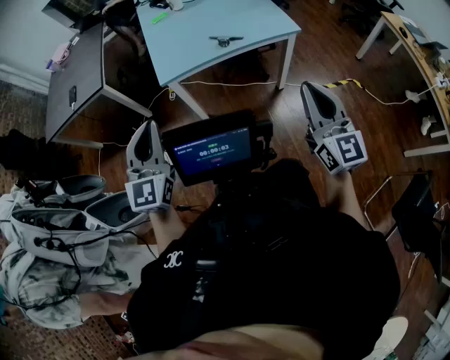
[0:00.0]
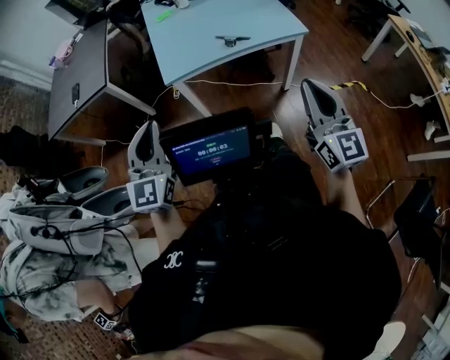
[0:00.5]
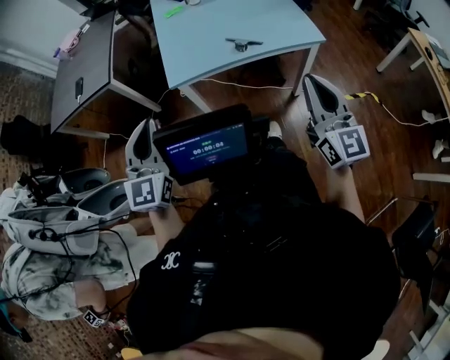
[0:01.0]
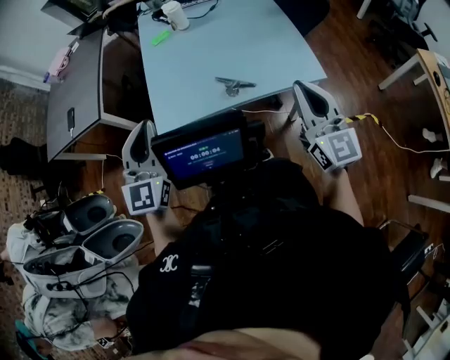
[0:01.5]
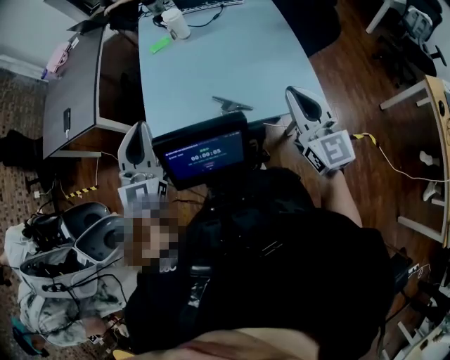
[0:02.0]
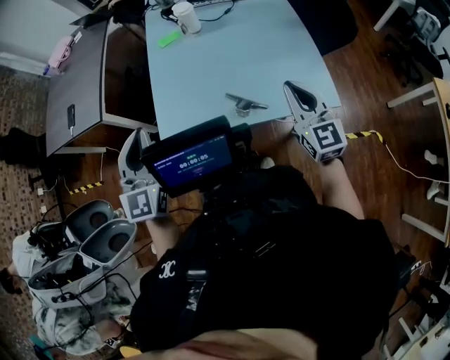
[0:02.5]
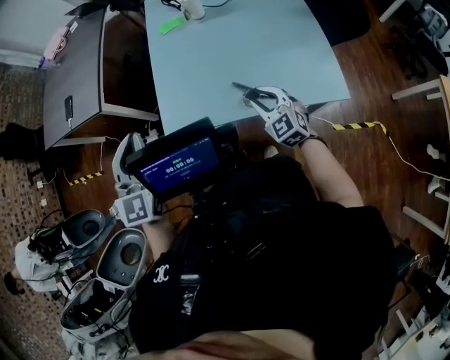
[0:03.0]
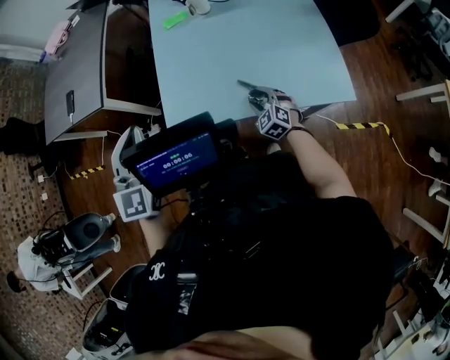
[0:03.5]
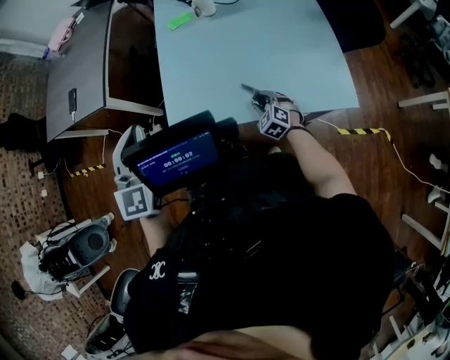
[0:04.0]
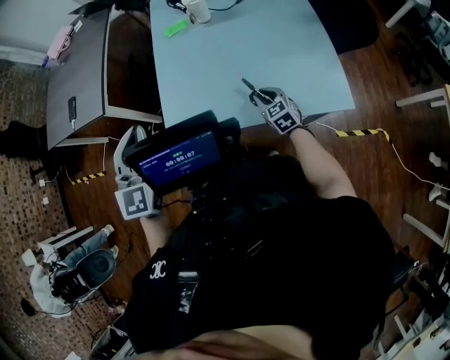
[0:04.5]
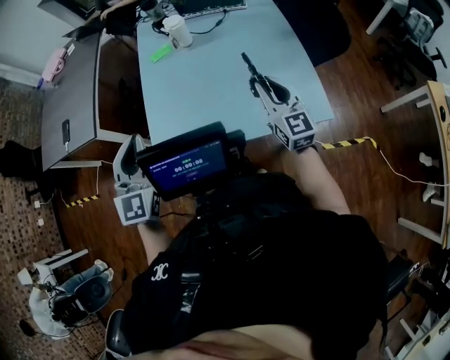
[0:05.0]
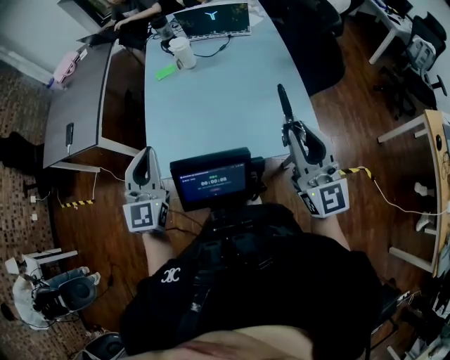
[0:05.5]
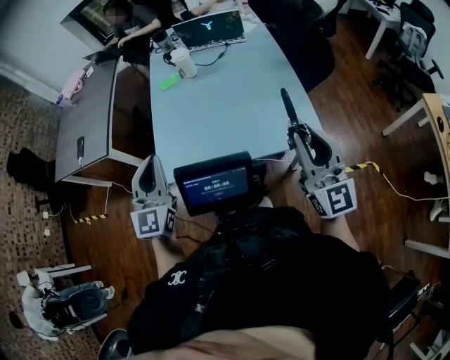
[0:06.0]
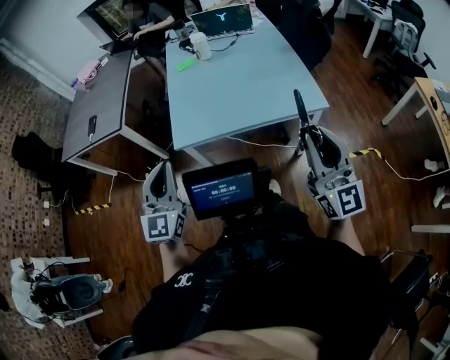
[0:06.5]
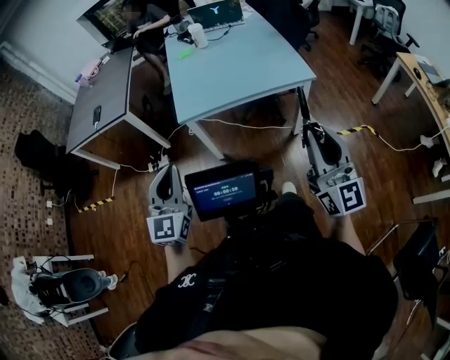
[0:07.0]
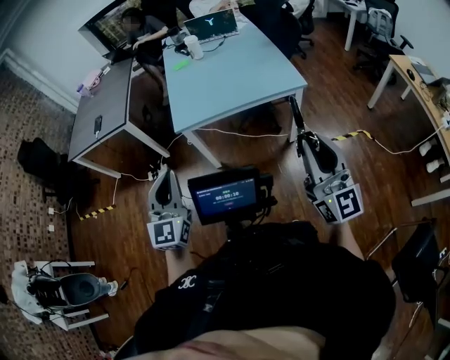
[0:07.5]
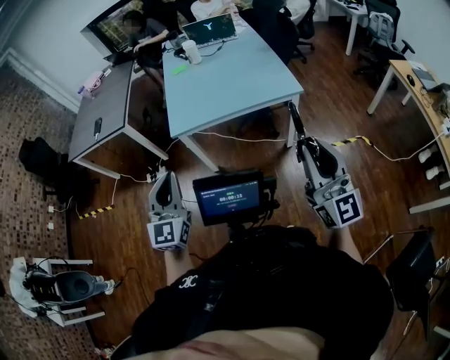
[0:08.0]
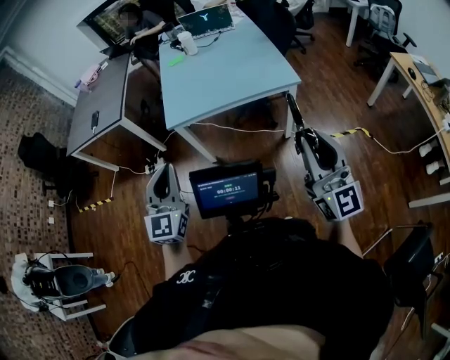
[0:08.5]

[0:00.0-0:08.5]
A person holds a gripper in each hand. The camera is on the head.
0:00.0 to 0:02.0: Both grippers travel together forward, approximately 40 cm.
0:02.0 to 0:04.0: The left gripper moves to the left and forward, about 10 cm, while the right gripper goes approximately 40 cm downward and to the left, tilts its fingers approximately 50 degrees downward, and opens up.
0:04.0 to 0:06.5: The right gripper travels upward and backward by approximately 50 cm, and angles its fingers upward, by approximately 70 degrees, while the left gripper moves backward, some 25 cm.
0:06.5 to 0:08.5: The two grippers go approximately 20 cm backward.
========================
__Action item__. Transcribe the whole listing, character for character, but not its images.

__Expected output__.
[0:00.0]
[0:00.5]
[0:01.0]
[0:01.5]
[0:02.0]
[0:02.5]
[0:03.0]
[0:03.5]
[0:04.0]
[0:04.5]
[0:05.0]
[0:05.5]
[0:06.0]
[0:06.5]
[0:07.0]
[0:07.5]
[0:08.0]
[0:08.5]

[0:00.0-0:08.5]
A person holds a gripper in each hand. The camera is on the head.
0:00.0 to 0:02.0: Both grippers travel together forward, approximately 40 cm.
0:02.0 to 0:04.0: The left gripper moves to the left and forward, about 10 cm, while the right gripper goes approximately 40 cm downward and to the left, tilts its fingers approximately 50 degrees downward, and opens up.
0:04.0 to 0:06.5: The right gripper travels upward and backward by approximately 50 cm, and angles its fingers upward, by approximately 70 degrees, while the left gripper moves backward, some 25 cm.
0:06.5 to 0:08.5: The two grippers go approximately 20 cm backward.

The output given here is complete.